Output each record exactly as given. Leave out every picture.

# # # #

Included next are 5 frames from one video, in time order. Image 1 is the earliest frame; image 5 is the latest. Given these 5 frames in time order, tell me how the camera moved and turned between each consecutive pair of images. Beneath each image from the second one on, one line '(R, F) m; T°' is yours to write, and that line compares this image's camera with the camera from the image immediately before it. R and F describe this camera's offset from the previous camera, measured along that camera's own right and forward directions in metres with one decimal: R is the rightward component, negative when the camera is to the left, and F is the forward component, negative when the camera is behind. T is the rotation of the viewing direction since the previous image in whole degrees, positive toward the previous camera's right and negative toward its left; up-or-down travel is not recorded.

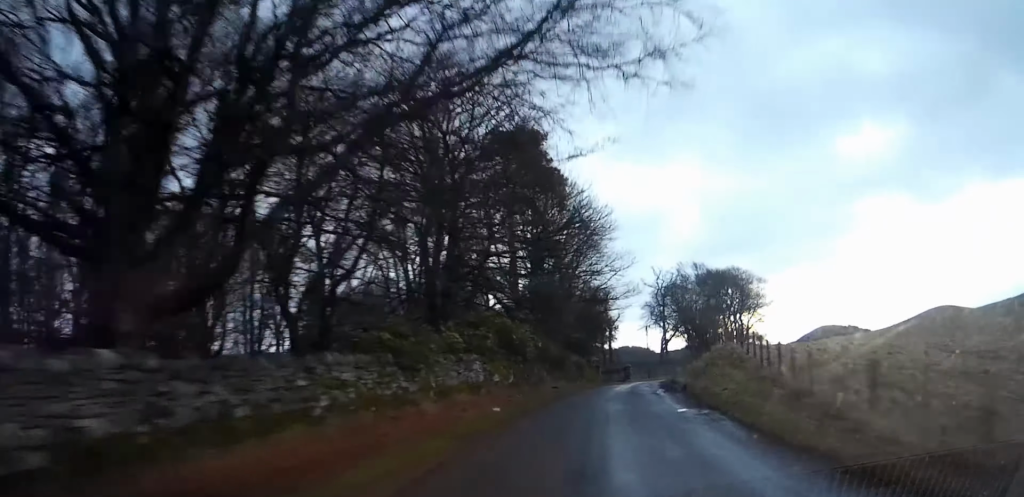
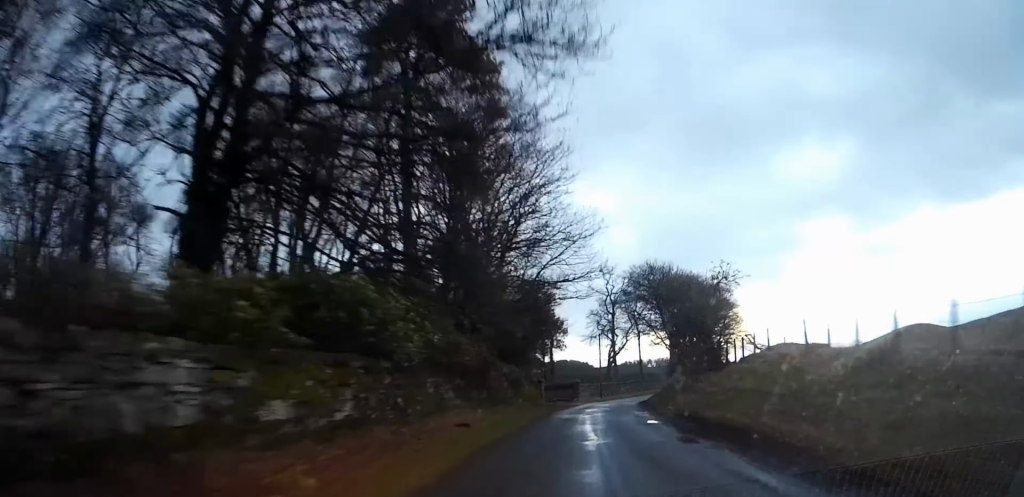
(+0.8, +16.6) m; +3°
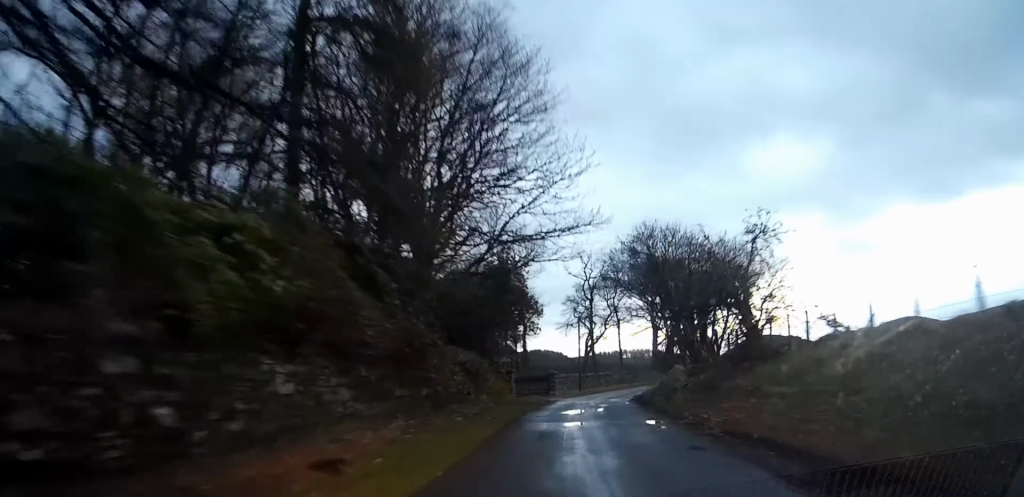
(0.0, +9.0) m; 0°
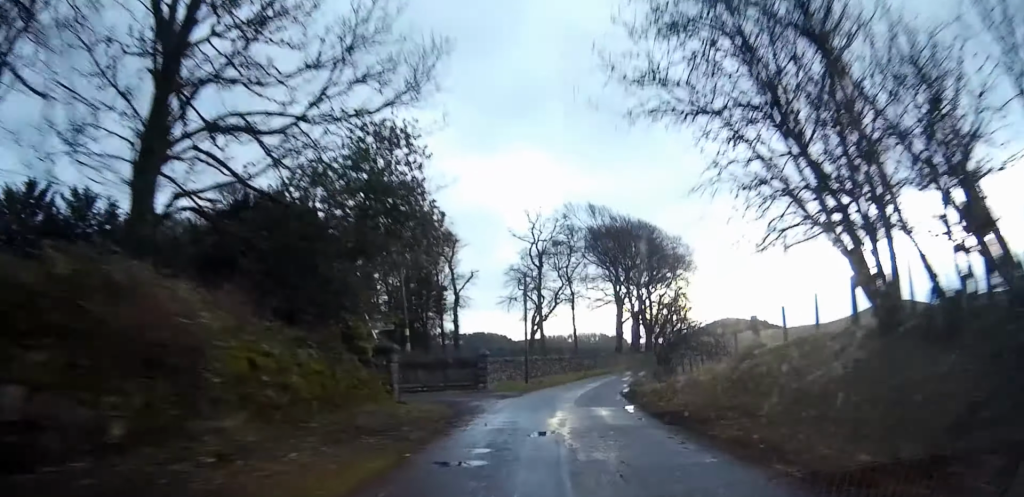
(+1.6, +21.8) m; +8°
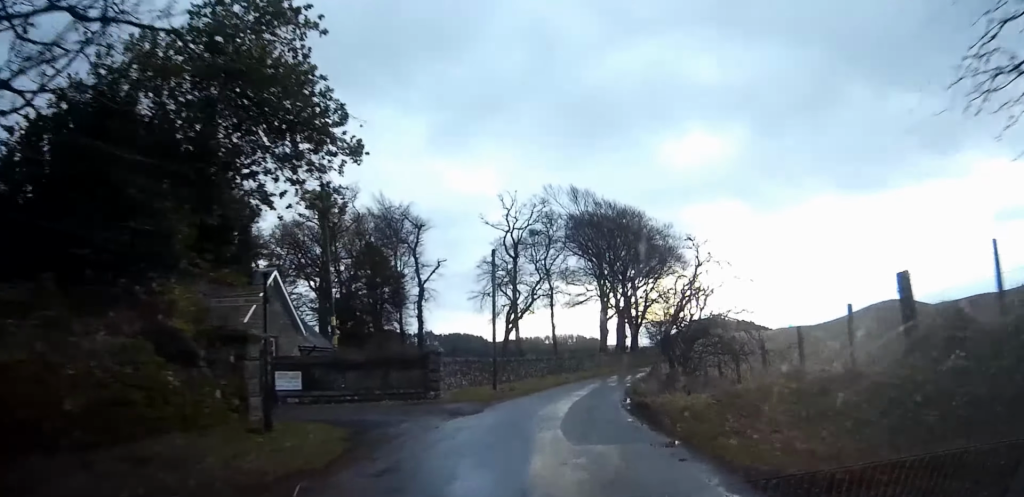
(-0.2, +9.7) m; -2°

# # # #

- SOLUTION:
Included next are 5 frames from one video, in time order. Image 1 is the earliest frame; image 5 is the latest. Given these 5 frames in time order, tell me how the camera moved and turned between each consecutive pair of images. Beneath each image from the second one on, one line '(R, F) m; T°' is yours to write, and that line compares this image's camera with the camera from the image immediately before it. R and F describe this camera's offset from the previous camera, measured along that camera's own right and forward directions in metres with one decimal: R is the rightward component, negative when the camera is to the left, and F is the forward component, negative when the camera is behind. T is the rotation of the viewing direction since the previous image in whole degrees, positive toward the previous camera's right and negative toward its left; up-or-down travel is not recorded.

(+0.8, +16.6) m; +3°
(0.0, +9.0) m; 0°
(+1.6, +21.8) m; +8°
(-0.2, +9.7) m; -2°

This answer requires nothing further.